Task goal: Each line from the first line of the entries through the line holding "さらに図8の左図は、図7の下" is to be restated word for word; nothing else, and no picture, belongs in the answer.

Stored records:
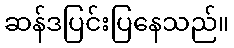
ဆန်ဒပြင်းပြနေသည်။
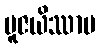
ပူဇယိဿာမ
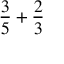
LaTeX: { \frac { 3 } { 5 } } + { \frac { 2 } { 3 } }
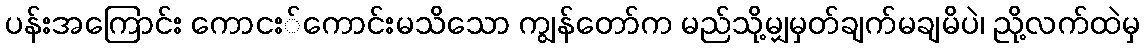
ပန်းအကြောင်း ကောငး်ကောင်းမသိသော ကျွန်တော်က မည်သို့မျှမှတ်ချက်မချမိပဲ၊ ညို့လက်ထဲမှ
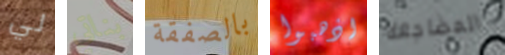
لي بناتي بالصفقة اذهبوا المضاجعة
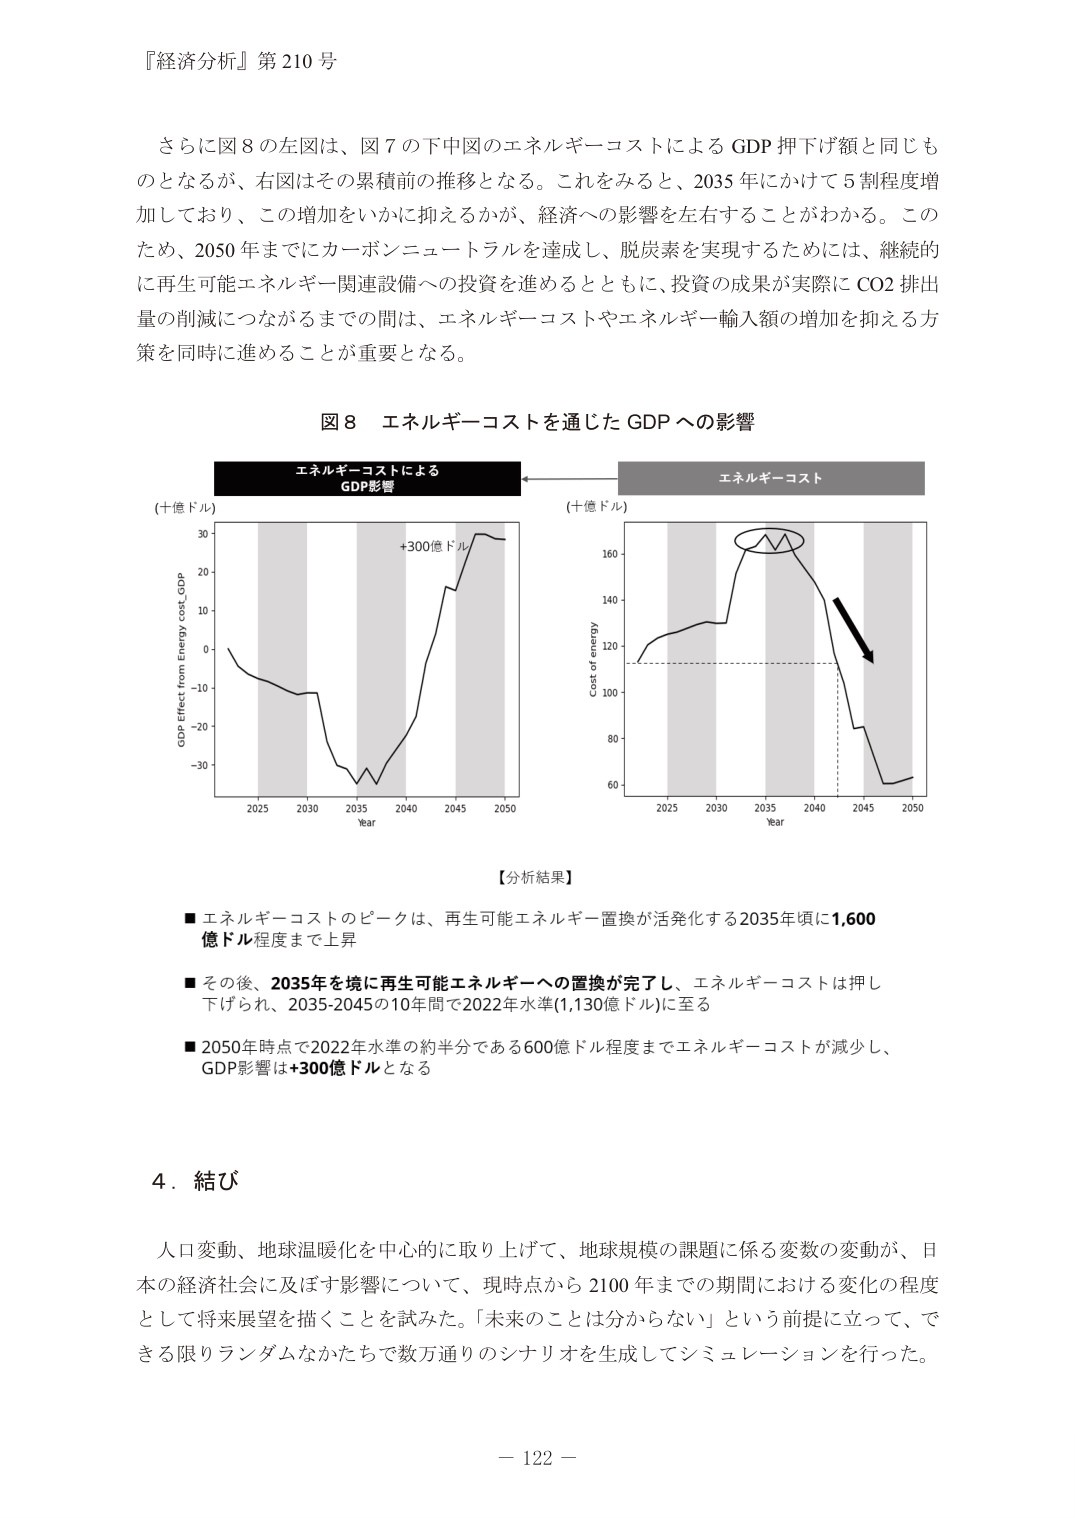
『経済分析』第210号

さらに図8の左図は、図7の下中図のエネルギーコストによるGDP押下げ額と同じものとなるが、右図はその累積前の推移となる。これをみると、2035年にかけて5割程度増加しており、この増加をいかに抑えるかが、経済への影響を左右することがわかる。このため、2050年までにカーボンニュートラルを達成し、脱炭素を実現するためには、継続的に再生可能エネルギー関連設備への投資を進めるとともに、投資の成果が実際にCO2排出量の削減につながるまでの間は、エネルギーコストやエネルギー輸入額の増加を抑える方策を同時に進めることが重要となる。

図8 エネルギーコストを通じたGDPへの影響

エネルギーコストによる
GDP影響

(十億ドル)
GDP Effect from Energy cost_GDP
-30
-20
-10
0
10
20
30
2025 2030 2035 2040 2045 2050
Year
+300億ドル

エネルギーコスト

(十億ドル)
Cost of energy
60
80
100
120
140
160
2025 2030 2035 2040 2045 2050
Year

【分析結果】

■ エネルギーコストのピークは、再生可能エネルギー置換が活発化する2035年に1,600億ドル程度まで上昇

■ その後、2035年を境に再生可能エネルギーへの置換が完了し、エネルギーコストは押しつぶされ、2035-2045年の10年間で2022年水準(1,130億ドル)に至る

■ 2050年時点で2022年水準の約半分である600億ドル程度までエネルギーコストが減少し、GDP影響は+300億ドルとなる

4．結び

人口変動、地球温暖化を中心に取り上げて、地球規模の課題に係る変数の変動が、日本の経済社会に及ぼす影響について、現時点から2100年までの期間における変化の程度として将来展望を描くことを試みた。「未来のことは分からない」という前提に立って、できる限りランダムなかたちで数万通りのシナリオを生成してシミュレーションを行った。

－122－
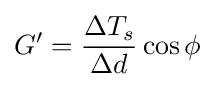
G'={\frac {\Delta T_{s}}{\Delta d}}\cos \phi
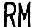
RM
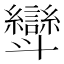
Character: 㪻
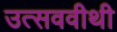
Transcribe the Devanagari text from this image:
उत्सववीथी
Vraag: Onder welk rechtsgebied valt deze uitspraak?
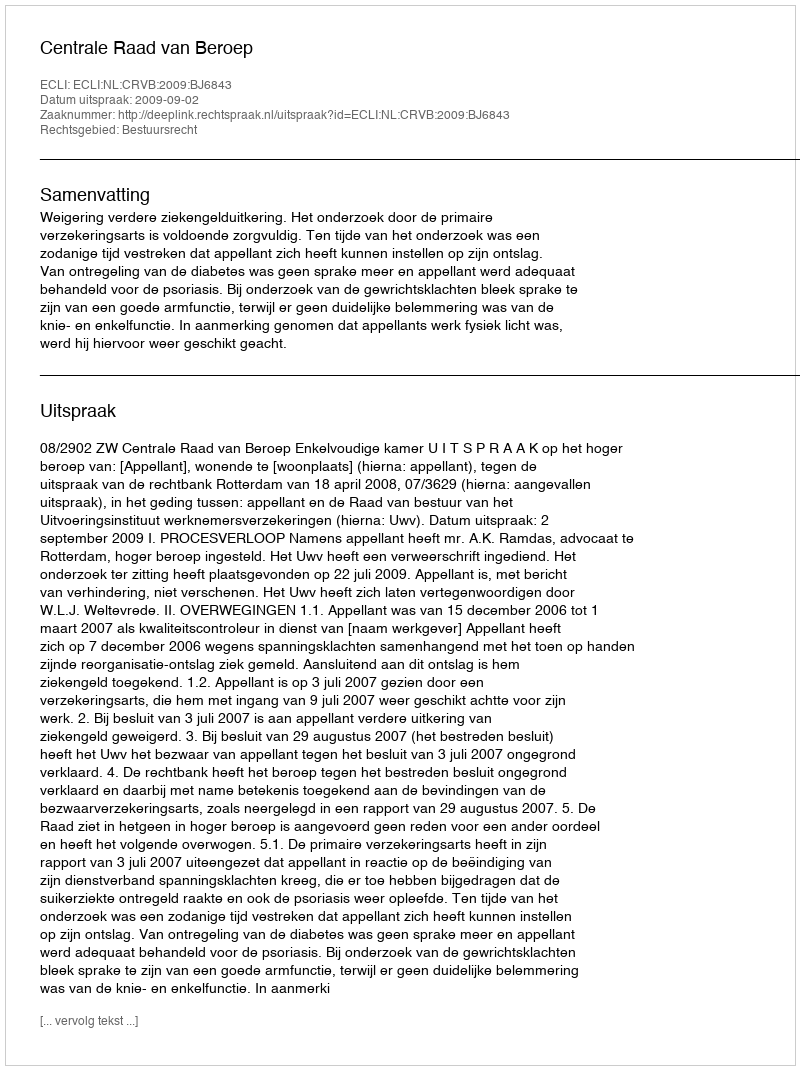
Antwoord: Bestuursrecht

Exercise result:
ဆန်ဒပြင်းပြနေသည်။
ပူဇယိဿာမ
LaTeX: { \frac { 3 } { 5 } } + { \frac { 2 } { 3 } }
ပန်းအကြောင်း ကောငး်ကောင်းမသိသော ကျွန်တော်က မည်သို့မျှမှတ်ချက်မချမိပဲ၊ ညို့လက်ထဲမှ
لي بناتي بالصفقة اذهبوا المضاجعة
『経済分析』第210号

さらに図8の左図は、図7の下中図のエネルギーコストによるGDP押下げ額と同じものとなるが、右図はその累積前の推移となる。これをみると、2035年にかけて5割程度増加しており、この増加をいかに抑えるかが、経済への影響を左右することがわかる。このため、2050年までにカーボンニュートラルを達成し、脱炭素を実現するためには、継続的に再生可能エネルギー関連設備への投資を進めるとともに、投資の成果が実際にCO2排出量の削減につながるまでの間は、エネルギーコストやエネルギー輸入額の増加を抑える方策を同時に進めることが重要となる。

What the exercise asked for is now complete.